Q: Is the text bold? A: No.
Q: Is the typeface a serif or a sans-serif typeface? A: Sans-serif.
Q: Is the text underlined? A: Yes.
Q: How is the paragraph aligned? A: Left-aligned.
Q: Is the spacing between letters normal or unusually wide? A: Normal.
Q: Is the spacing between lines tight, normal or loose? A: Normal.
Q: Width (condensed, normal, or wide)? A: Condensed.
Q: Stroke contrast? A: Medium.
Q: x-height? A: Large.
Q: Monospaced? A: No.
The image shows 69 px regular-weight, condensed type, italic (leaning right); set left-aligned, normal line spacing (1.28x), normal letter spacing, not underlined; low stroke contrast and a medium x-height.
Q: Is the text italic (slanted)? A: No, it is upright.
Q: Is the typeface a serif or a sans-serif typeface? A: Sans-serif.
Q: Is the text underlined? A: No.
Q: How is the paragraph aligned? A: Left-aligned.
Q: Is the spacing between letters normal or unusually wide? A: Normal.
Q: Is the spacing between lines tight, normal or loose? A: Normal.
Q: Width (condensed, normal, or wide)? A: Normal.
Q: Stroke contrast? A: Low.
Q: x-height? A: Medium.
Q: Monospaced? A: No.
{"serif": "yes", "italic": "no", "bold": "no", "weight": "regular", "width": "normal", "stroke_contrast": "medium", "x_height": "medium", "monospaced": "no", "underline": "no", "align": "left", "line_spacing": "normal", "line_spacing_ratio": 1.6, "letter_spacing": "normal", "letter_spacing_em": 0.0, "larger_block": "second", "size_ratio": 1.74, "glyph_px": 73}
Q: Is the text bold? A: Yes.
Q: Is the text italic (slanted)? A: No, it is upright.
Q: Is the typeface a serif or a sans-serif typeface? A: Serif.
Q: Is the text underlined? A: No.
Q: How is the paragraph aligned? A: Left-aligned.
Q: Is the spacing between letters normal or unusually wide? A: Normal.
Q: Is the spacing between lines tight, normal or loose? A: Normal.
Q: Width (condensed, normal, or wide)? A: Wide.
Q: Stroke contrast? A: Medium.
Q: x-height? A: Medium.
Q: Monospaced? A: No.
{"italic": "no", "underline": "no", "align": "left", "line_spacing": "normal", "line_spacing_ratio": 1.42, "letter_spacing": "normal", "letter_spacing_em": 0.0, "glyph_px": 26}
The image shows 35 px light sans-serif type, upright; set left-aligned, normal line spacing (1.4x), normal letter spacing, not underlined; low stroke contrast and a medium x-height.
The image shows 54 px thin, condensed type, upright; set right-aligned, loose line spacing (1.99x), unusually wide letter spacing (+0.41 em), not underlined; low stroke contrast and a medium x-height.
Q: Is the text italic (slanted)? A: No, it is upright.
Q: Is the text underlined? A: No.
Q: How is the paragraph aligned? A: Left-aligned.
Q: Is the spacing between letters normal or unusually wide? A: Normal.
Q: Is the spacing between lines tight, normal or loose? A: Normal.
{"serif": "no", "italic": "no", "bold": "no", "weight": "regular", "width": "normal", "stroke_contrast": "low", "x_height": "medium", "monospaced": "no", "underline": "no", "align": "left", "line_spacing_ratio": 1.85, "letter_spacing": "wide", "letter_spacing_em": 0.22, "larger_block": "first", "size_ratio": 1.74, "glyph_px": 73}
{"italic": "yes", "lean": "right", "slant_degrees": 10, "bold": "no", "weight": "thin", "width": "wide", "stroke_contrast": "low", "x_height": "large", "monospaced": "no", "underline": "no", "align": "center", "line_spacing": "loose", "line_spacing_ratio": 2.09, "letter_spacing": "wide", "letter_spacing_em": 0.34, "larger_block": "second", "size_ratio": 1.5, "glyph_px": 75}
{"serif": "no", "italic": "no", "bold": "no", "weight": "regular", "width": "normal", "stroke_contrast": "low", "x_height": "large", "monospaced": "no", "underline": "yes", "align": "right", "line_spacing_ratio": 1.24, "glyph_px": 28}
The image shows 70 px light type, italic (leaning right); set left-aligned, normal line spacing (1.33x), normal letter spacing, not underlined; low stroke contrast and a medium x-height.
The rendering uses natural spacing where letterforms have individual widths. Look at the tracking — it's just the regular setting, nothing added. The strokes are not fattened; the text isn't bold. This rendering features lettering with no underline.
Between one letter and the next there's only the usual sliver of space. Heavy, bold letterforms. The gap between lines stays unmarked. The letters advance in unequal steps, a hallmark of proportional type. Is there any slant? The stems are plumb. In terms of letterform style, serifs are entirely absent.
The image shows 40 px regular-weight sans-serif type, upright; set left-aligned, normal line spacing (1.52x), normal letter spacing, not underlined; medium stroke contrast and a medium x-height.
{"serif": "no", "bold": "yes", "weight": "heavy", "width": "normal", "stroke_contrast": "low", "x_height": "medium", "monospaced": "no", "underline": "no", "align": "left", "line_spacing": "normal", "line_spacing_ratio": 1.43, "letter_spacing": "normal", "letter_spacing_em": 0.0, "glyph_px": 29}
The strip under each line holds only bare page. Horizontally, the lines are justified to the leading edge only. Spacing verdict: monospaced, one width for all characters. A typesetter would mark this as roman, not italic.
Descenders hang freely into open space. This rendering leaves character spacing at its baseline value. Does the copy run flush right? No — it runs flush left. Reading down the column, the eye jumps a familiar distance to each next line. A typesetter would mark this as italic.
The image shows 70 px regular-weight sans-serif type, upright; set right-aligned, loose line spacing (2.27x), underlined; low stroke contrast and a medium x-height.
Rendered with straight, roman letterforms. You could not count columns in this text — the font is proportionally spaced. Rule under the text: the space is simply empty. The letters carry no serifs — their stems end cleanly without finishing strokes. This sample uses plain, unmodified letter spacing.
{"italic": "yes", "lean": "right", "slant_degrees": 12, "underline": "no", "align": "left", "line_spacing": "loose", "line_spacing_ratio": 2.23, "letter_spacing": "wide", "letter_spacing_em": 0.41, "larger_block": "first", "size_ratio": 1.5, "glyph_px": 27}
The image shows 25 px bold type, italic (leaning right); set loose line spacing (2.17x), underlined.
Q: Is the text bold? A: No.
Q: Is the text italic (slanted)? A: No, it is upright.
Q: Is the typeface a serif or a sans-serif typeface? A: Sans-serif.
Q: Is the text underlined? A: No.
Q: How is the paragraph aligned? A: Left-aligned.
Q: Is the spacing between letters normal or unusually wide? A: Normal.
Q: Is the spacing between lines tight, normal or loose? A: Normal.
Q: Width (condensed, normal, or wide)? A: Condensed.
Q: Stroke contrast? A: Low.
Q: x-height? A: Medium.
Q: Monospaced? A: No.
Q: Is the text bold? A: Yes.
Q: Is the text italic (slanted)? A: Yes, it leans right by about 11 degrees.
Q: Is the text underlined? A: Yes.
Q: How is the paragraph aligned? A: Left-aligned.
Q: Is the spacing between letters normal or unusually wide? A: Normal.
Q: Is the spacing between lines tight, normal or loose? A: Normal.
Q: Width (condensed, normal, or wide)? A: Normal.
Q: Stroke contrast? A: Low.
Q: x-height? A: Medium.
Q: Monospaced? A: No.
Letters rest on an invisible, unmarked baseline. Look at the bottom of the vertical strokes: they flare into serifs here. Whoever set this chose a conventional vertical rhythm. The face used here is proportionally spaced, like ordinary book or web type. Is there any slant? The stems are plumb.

**Prompt**
Give an exact transcription of all the material.

**Exercise result**
Q: Is the text bold? A: No.
Q: Is the typeface a serif or a sans-serif typeface? A: Sans-serif.
Q: Is the text underlined? A: Yes.
Q: How is the paragraph aligned? A: Left-aligned.
Q: Is the spacing between letters normal or unusually wide? A: Normal.
Q: Is the spacing between lines tight, normal or loose? A: Normal.
Q: Width (condensed, normal, or wide)? A: Condensed.
Q: Stroke contrast? A: Medium.
Q: x-height? A: Large.
Q: Monospaced? A: No.
The image shows 69 px regular-weight, condensed type, italic (leaning right); set left-aligned, normal line spacing (1.28x), normal letter spacing, not underlined; low stroke contrast and a medium x-height.
Q: Is the text italic (slanted)? A: No, it is upright.
Q: Is the typeface a serif or a sans-serif typeface? A: Sans-serif.
Q: Is the text underlined? A: No.
Q: How is the paragraph aligned? A: Left-aligned.
Q: Is the spacing between letters normal or unusually wide? A: Normal.
Q: Is the spacing between lines tight, normal or loose? A: Normal.
Q: Width (condensed, normal, or wide)? A: Normal.
Q: Stroke contrast? A: Low.
Q: x-height? A: Medium.
Q: Monospaced? A: No.
{"serif": "yes", "italic": "no", "bold": "no", "weight": "regular", "width": "normal", "stroke_contrast": "medium", "x_height": "medium", "monospaced": "no", "underline": "no", "align": "left", "line_spacing": "normal", "line_spacing_ratio": 1.6, "letter_spacing": "normal", "letter_spacing_em": 0.0, "larger_block": "second", "size_ratio": 1.74, "glyph_px": 73}
Q: Is the text bold? A: Yes.
Q: Is the text italic (slanted)? A: No, it is upright.
Q: Is the typeface a serif or a sans-serif typeface? A: Serif.
Q: Is the text underlined? A: No.
Q: How is the paragraph aligned? A: Left-aligned.
Q: Is the spacing between letters normal or unusually wide? A: Normal.
Q: Is the spacing between lines tight, normal or loose? A: Normal.
Q: Width (condensed, normal, or wide)? A: Wide.
Q: Stroke contrast? A: Medium.
Q: x-height? A: Medium.
Q: Monospaced? A: No.
{"italic": "no", "underline": "no", "align": "left", "line_spacing": "normal", "line_spacing_ratio": 1.42, "letter_spacing": "normal", "letter_spacing_em": 0.0, "glyph_px": 26}
The image shows 35 px light sans-serif type, upright; set left-aligned, normal line spacing (1.4x), normal letter spacing, not underlined; low stroke contrast and a medium x-height.
The image shows 54 px thin, condensed type, upright; set right-aligned, loose line spacing (1.99x), unusually wide letter spacing (+0.41 em), not underlined; low stroke contrast and a medium x-height.
Q: Is the text italic (slanted)? A: No, it is upright.
Q: Is the text underlined? A: No.
Q: How is the paragraph aligned? A: Left-aligned.
Q: Is the spacing between letters normal or unusually wide? A: Normal.
Q: Is the spacing between lines tight, normal or loose? A: Normal.
{"serif": "no", "italic": "no", "bold": "no", "weight": "regular", "width": "normal", "stroke_contrast": "low", "x_height": "medium", "monospaced": "no", "underline": "no", "align": "left", "line_spacing_ratio": 1.85, "letter_spacing": "wide", "letter_spacing_em": 0.22, "larger_block": "first", "size_ratio": 1.74, "glyph_px": 73}
{"italic": "yes", "lean": "right", "slant_degrees": 10, "bold": "no", "weight": "thin", "width": "wide", "stroke_contrast": "low", "x_height": "large", "monospaced": "no", "underline": "no", "align": "center", "line_spacing": "loose", "line_spacing_ratio": 2.09, "letter_spacing": "wide", "letter_spacing_em": 0.34, "larger_block": "second", "size_ratio": 1.5, "glyph_px": 75}
{"serif": "no", "italic": "no", "bold": "no", "weight": "regular", "width": "normal", "stroke_contrast": "low", "x_height": "large", "monospaced": "no", "underline": "yes", "align": "right", "line_spacing_ratio": 1.24, "glyph_px": 28}
The image shows 70 px light type, italic (leaning right); set left-aligned, normal line spacing (1.33x), normal letter spacing, not underlined; low stroke contrast and a medium x-height.
The rendering uses natural spacing where letterforms have individual widths. Look at the tracking — it's just the regular setting, nothing added. The strokes are not fattened; the text isn't bold. This rendering features lettering with no underline.
Between one letter and the next there's only the usual sliver of space. Heavy, bold letterforms. The gap between lines stays unmarked. The letters advance in unequal steps, a hallmark of proportional type. Is there any slant? The stems are plumb. In terms of letterform style, serifs are entirely absent.
The image shows 40 px regular-weight sans-serif type, upright; set left-aligned, normal line spacing (1.52x), normal letter spacing, not underlined; medium stroke contrast and a medium x-height.
{"serif": "no", "bold": "yes", "weight": "heavy", "width": "normal", "stroke_contrast": "low", "x_height": "medium", "monospaced": "no", "underline": "no", "align": "left", "line_spacing": "normal", "line_spacing_ratio": 1.43, "letter_spacing": "normal", "letter_spacing_em": 0.0, "glyph_px": 29}
The strip under each line holds only bare page. Horizontally, the lines are justified to the leading edge only. Spacing verdict: monospaced, one width for all characters. A typesetter would mark this as roman, not italic.
Descenders hang freely into open space. This rendering leaves character spacing at its baseline value. Does the copy run flush right? No — it runs flush left. Reading down the column, the eye jumps a familiar distance to each next line. A typesetter would mark this as italic.
The image shows 70 px regular-weight sans-serif type, upright; set right-aligned, loose line spacing (2.27x), underlined; low stroke contrast and a medium x-height.
Rendered with straight, roman letterforms. You could not count columns in this text — the font is proportionally spaced. Rule under the text: the space is simply empty. The letters carry no serifs — their stems end cleanly without finishing strokes. This sample uses plain, unmodified letter spacing.
{"italic": "yes", "lean": "right", "slant_degrees": 12, "underline": "no", "align": "left", "line_spacing": "loose", "line_spacing_ratio": 2.23, "letter_spacing": "wide", "letter_spacing_em": 0.41, "larger_block": "first", "size_ratio": 1.5, "glyph_px": 27}
The image shows 25 px bold type, italic (leaning right); set loose line spacing (2.17x), underlined.
Q: Is the text bold? A: No.
Q: Is the text italic (slanted)? A: No, it is upright.
Q: Is the typeface a serif or a sans-serif typeface? A: Sans-serif.
Q: Is the text underlined? A: No.
Q: How is the paragraph aligned? A: Left-aligned.
Q: Is the spacing between letters normal or unusually wide? A: Normal.
Q: Is the spacing between lines tight, normal or loose? A: Normal.
Q: Width (condensed, normal, or wide)? A: Condensed.
Q: Stroke contrast? A: Low.
Q: x-height? A: Medium.
Q: Monospaced? A: No.
Q: Is the text bold? A: Yes.
Q: Is the text italic (slanted)? A: Yes, it leans right by about 11 degrees.
Q: Is the text underlined? A: Yes.
Q: How is the paragraph aligned? A: Left-aligned.
Q: Is the spacing between letters normal or unusually wide? A: Normal.
Q: Is the spacing between lines tight, normal or loose? A: Normal.
Q: Width (condensed, normal, or wide)? A: Normal.
Q: Stroke contrast? A: Low.
Q: x-height? A: Medium.
Q: Monospaced? A: No.
Letters rest on an invisible, unmarked baseline. Look at the bottom of the vertical strokes: they flare into serifs here. Whoever set this chose a conventional vertical rhythm. The face used here is proportionally spaced, like ordinary book or web type. Is there any slant? The stems are plumb.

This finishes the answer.